● About this task
An exact reprint of the listing is required, with no pictures included.

● Input for this task
◆ ◆ ◆ ◆ ◆ ◆ ◆

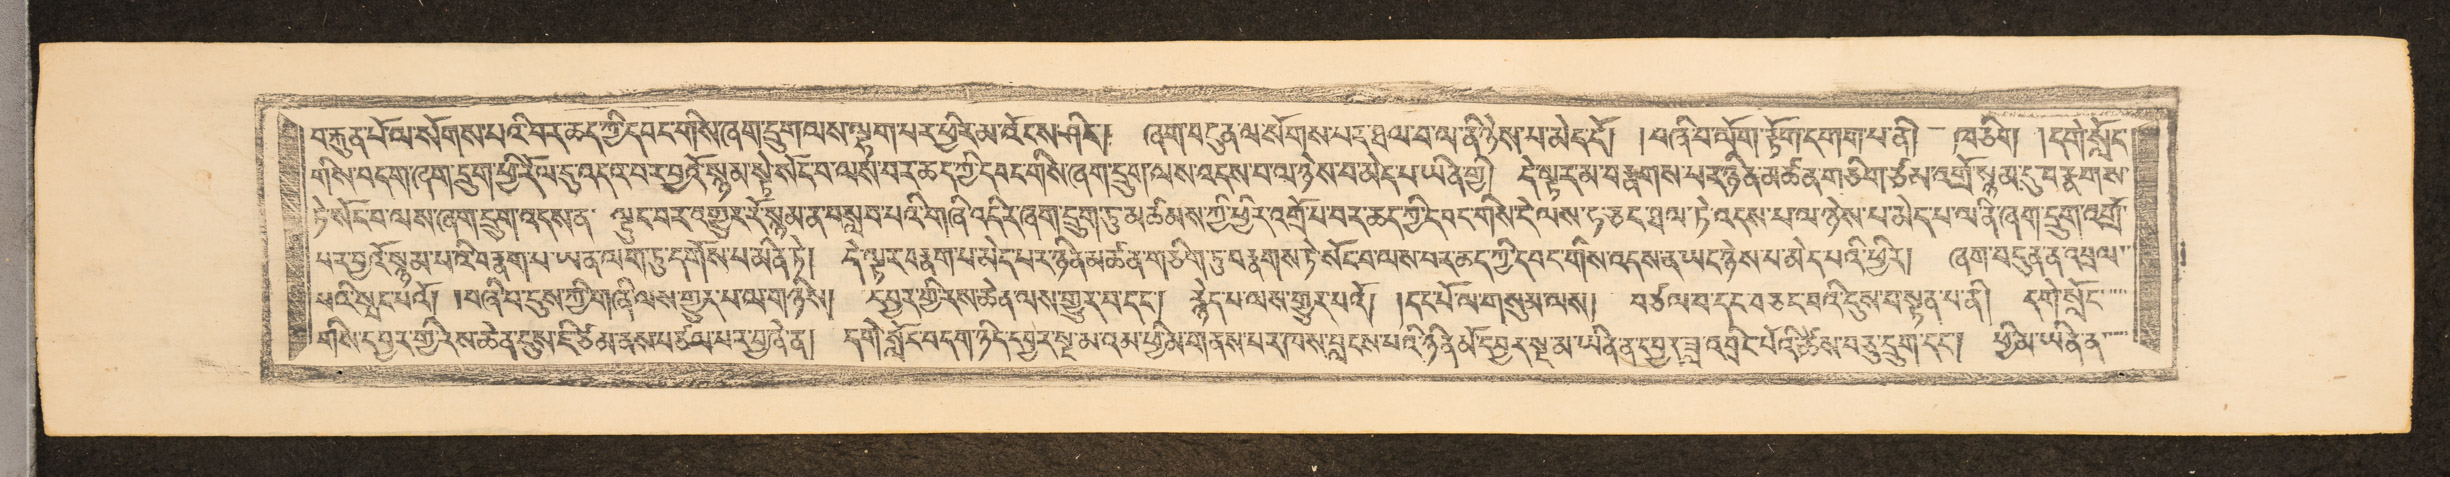བ་རྐུན་པོ་ལ་སོགས་པའི་བར་ཆད་ཀྱི་དབང་གིས་ཞག་དྲུག་ལས་ལྷག་པར་ཕྱིར་མ་འོངས་ཤིང་། ཞག་བདུན་ལ་སོགས་པར་ཐལ་བ་ལ་ནི་ཉེས་པ་མེད་དོ། །བཞི་པ་ལོག་རྟོག་དགག་པ་ནི། ཁ་ཅིག །དགེ་སློང་
གིས་བདག་ཞག་དྲུག་ཕྱི་རོལ་དུ་འདའ་བར་བྱའོ་སྙམ་སྟེ་སོང་པ་ལས་བར་ཆད་ཀྱི་དབང་གིས་ཞག་དྲུག་ལས་འདས་པ་ལ་ཉེས་པ་མེད་པ་ཡིན་གྱི། དེ་ལྟར་མ་བྲངས་པར་ཉིན་མཚན་གཅིག་ཙམ་འགྲོ་སྙམ་དུ་བྲངས་
ཏེ་སོང་བ་ལས་ཞག་དྲུག་འདས་ན་ལྟུང་བར་འགྱུར་རོ་སྙམ་ན་བསླབ་པའི་གཞི་འདིར་ཞག་དྲུག་ཏུ་མཚམས་ཀྱི་ཕྱིར་འགྲོ་བ་བར་ཆད་ཀྱི་དབང་གིས་དེ་ལས་ཧ་ཅང་ཐལ་ཏེ་འདས་པ་ལ་ཉེས་པ་མེད་པ་ལ་ནི་ཞག་དྲུག་འགྲོ་
པར་བྱའོ་སྙམ་པའི་བྲང་པ་ཡན་ལག་ཏུ་དགོས་པ་མིན་ཏེ། དེ་ལྟར་བྲང་པ་མེད་པར་ཉིན་མཚན་གཅིག་ཏུ་བརྣགས་ཏེ་སོང་བ་ལས་བར་ཆད་ཀྱི་དབང་གིས་འདས་ན་ཡང་ཉེས་པ་མེད་པའི་ཕྱིར། ཞག་བདུན་ན་འབྲལ་
བའི་སྤང་བའོ། །བཞི་པ་དུས་ཀྱི་གཞི་ལས་གྱུར་པ་ལ་གཉིས། དབྱར་གྱི་རས་ཆེན་ལས་གྱུར་པ་དང་། རྙེད་པ་ལས་གྱུར་བའོ། །དང་པོ་ལ་གསུམ་ལས། བཙལ་བ་དང་བཅང་བའི་དུས་བསྟན་པ་ནི། དགེ་སློང་
གིས་དབྱར་གྱི་རས་ཆེན་དུས་ཇི་ཙམ་ནས་བཙལ་བར་བྱ་ཞེ་ན། དགེ་སློང་བདག་ཉིད་དབྱར་སྔ་མ་འམ་ཕྱི་མ་གནས་པར་ཁས་བླངས་པའི་ཉིན་མོ་དབྱར་སྔ་མ་ཡིན་ན་དབྱར་ཟླ་འབྲིང་པོའི་ཚེས་བཅུ་དྲུག་དང་། ཕྱི་མ་ཡིན་ན་

◆ ◆ ◆ ◆ ◆ ◆ ◆

● Output below
བ་རྐུན་པོ་ལ་སོགས་པའི་བར་ཆད་ཀྱི་དབང་གིས་ཞག་དྲུག་ལས་ལྷག་པར་ཕྱིར་མ་འོངས་ཤིང་། ཞག་བདུན་ལ་སོགས་པར་ཐལ་བ་ལ་ནི་ཉེས་པ་མེད་དོ། །བཞི་པ་ལོག་རྟོག་དགག་པ་ནི། ཁ་ཅིག །དགེ་སློང་
གིས་བདག་ཞག་དྲུག་ཕྱི་རོལ་དུ་འདའ་བར་བྱའོ་སྙམ་སྟེ་སོང་པ་ལས་བར་ཆད་ཀྱི་དབང་གིས་ཞག་དྲུག་ལས་འདས་པ་ལ་ཉེས་པ་མེད་པ་ཡིན་གྱི། དེ་ལྟར་མ་བྲངས་པར་ཉིན་མཚན་གཅིག་ཙམ་འགྲོ་སྙམ་དུ་བྲངས་
ཏེ་སོང་བ་ལས་ཞག་དྲུག་འདས་ན་ལྟུང་བར་འགྱུར་རོ་སྙམ་ན་བསླབ་པའི་གཞི་འདིར་ཞག་དྲུག་ཏུ་མཚམས་ཀྱི་ཕྱིར་འགྲོ་བ་བར་ཆད་ཀྱི་དབང་གིས་དེ་ལས་ཧ་ཅང་ཐལ་ཏེ་འདས་པ་ལ་ཉེས་པ་མེད་པ་ལ་ནི་ཞག་དྲུག་འགྲོ་
པར་བྱའོ་སྙམ་པའི་བྲང་པ་ཡན་ལག་ཏུ་དགོས་པ་མིན་ཏེ། དེ་ལྟར་བྲང་པ་མེད་པར་ཉིན་མཚན་གཅིག་ཏུ་བརྣགས་ཏེ་སོང་བ་ལས་བར་ཆད་ཀྱི་དབང་གིས་འདས་ན་ཡང་ཉེས་པ་མེད་པའི་ཕྱིར། ཞག་བདུན་ན་འབྲལ་
བའི་སྤང་བའོ། །བཞི་པ་དུས་ཀྱི་གཞི་ལས་གྱུར་པ་ལ་གཉིས། དབྱར་གྱི་རས་ཆེན་ལས་གྱུར་པ་དང་། རྙེད་པ་ལས་གྱུར་བའོ། །དང་པོ་ལ་གསུམ་ལས། བཙལ་བ་དང་བཅང་བའི་དུས་བསྟན་པ་ནི། དགེ་སློང་
གིས་དབྱར་གྱི་རས་ཆེན་དུས་ཇི་ཙམ་ནས་བཙལ་བར་བྱ་ཞེ་ན། དགེ་སློང་བདག་ཉིད་དབྱར་སྔ་མ་འམ་ཕྱི་མ་གནས་པར་ཁས་བླངས་པའི་ཉིན་མོ་དབྱར་སྔ་མ་ཡིན་ན་དབྱར་ཟླ་འབྲིང་པོའི་ཚེས་བཅུ་དྲུག་དང་། ཕྱི་མ་ཡིན་ན་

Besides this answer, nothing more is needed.